Exactly the lines from the line that has "The offset since image 1 is 3.9 s." through the final line below are to be retyped, and the pictures are not.

+++

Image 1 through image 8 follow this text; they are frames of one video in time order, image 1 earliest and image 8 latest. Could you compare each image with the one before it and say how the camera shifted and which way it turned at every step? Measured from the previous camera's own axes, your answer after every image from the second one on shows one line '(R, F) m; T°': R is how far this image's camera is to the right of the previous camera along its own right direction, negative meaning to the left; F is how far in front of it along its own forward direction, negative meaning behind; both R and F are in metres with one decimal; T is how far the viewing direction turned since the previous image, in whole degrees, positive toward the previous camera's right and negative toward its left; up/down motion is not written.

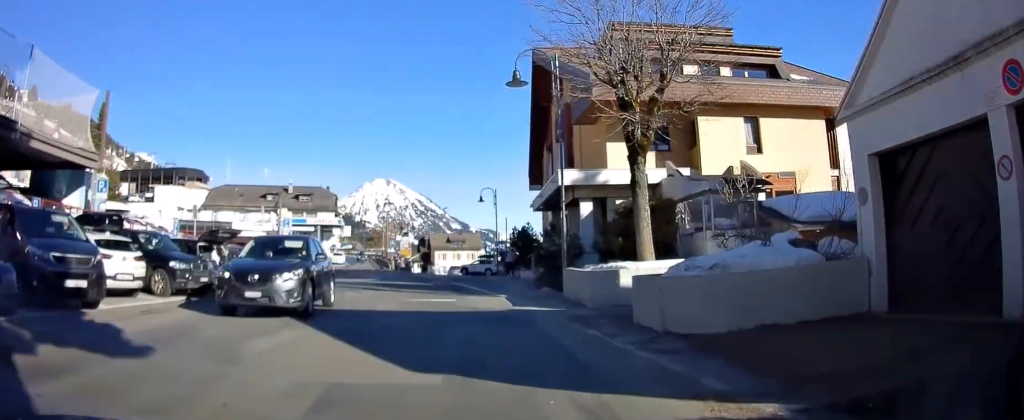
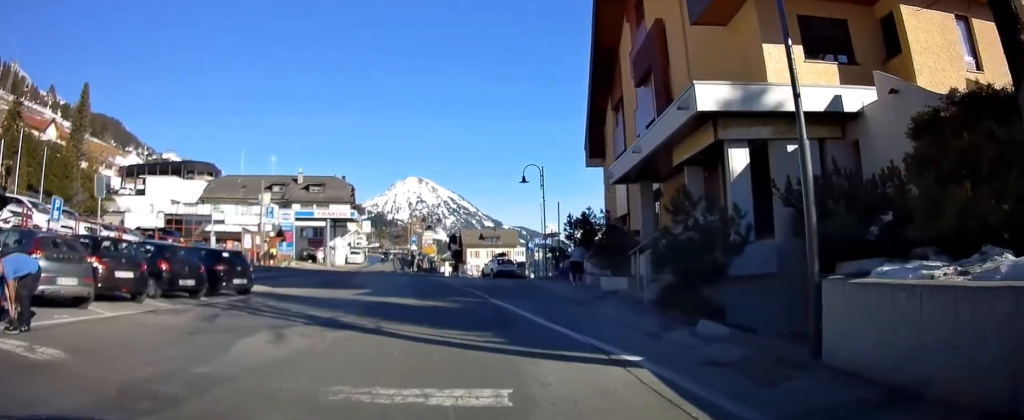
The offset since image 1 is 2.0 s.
(-0.4, +12.1) m; -5°
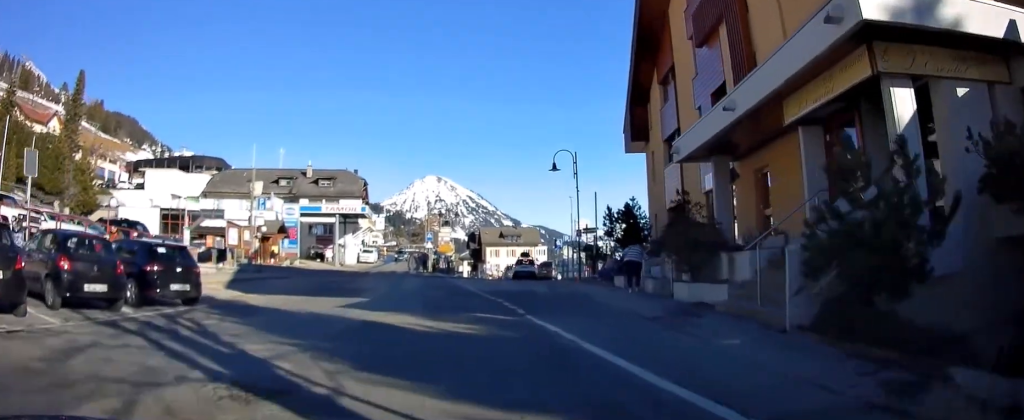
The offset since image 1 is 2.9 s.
(-0.2, +5.2) m; -1°
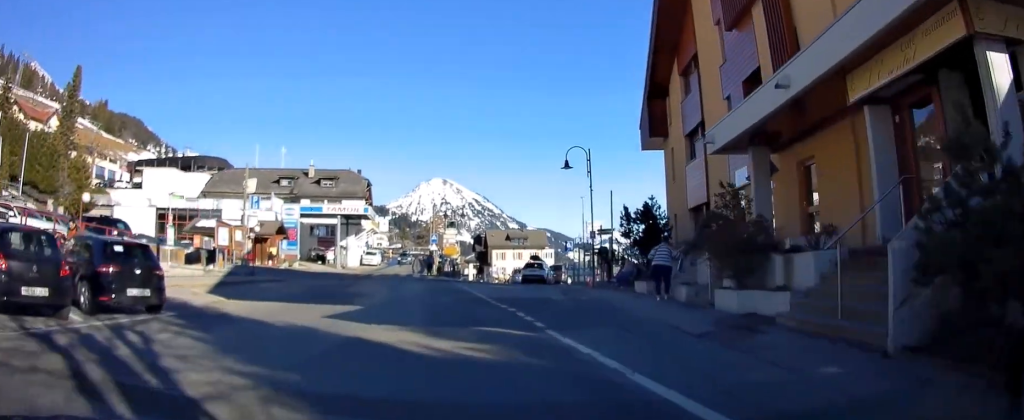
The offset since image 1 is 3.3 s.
(0.0, +2.2) m; 0°
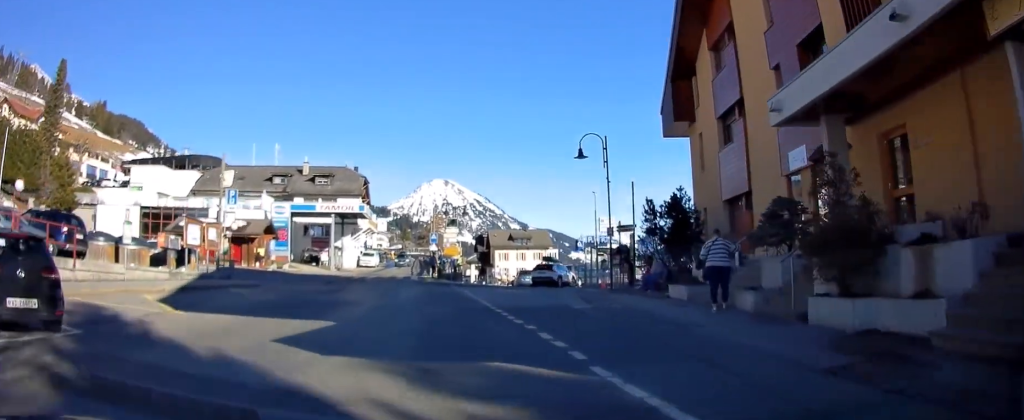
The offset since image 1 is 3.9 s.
(0.0, +3.5) m; 0°
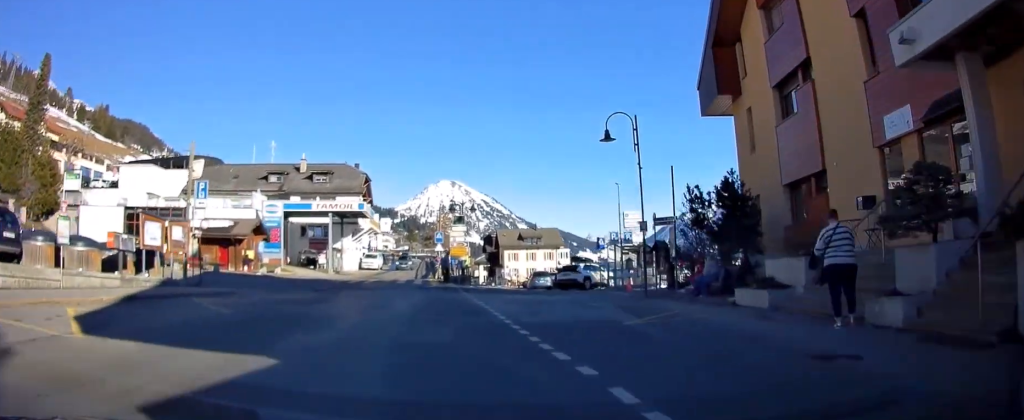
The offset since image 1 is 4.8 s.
(-0.1, +4.4) m; -1°
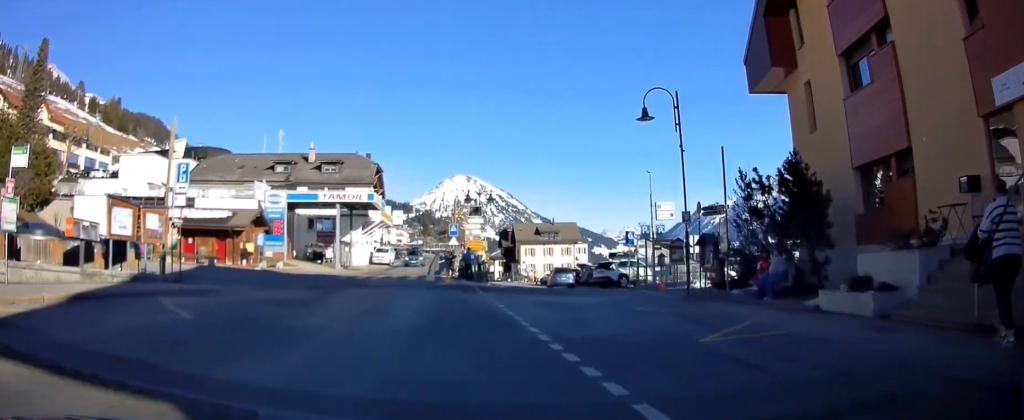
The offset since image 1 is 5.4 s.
(0.0, +3.3) m; 0°
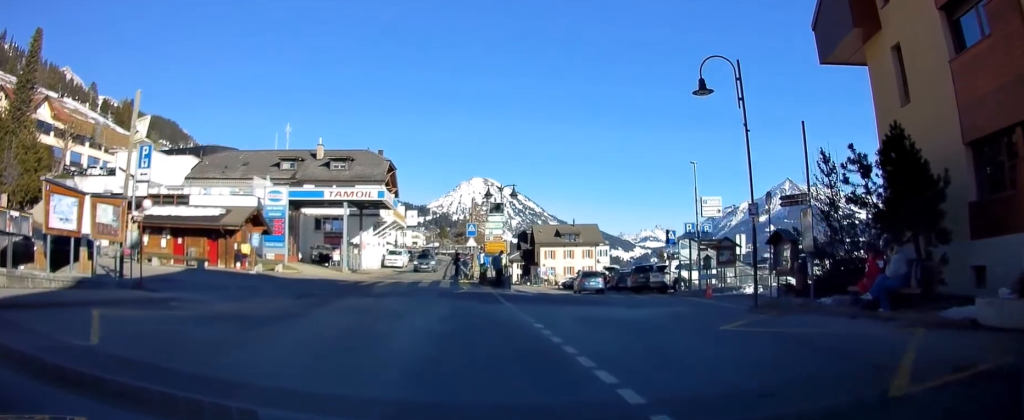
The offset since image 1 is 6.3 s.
(0.0, +4.0) m; 0°

+++

**Exercise output:**
The offset since image 1 is 3.9 s.
(0.0, +3.5) m; 0°
The offset since image 1 is 4.8 s.
(-0.1, +4.4) m; -1°
The offset since image 1 is 5.4 s.
(0.0, +3.3) m; 0°
The offset since image 1 is 6.3 s.
(0.0, +4.0) m; 0°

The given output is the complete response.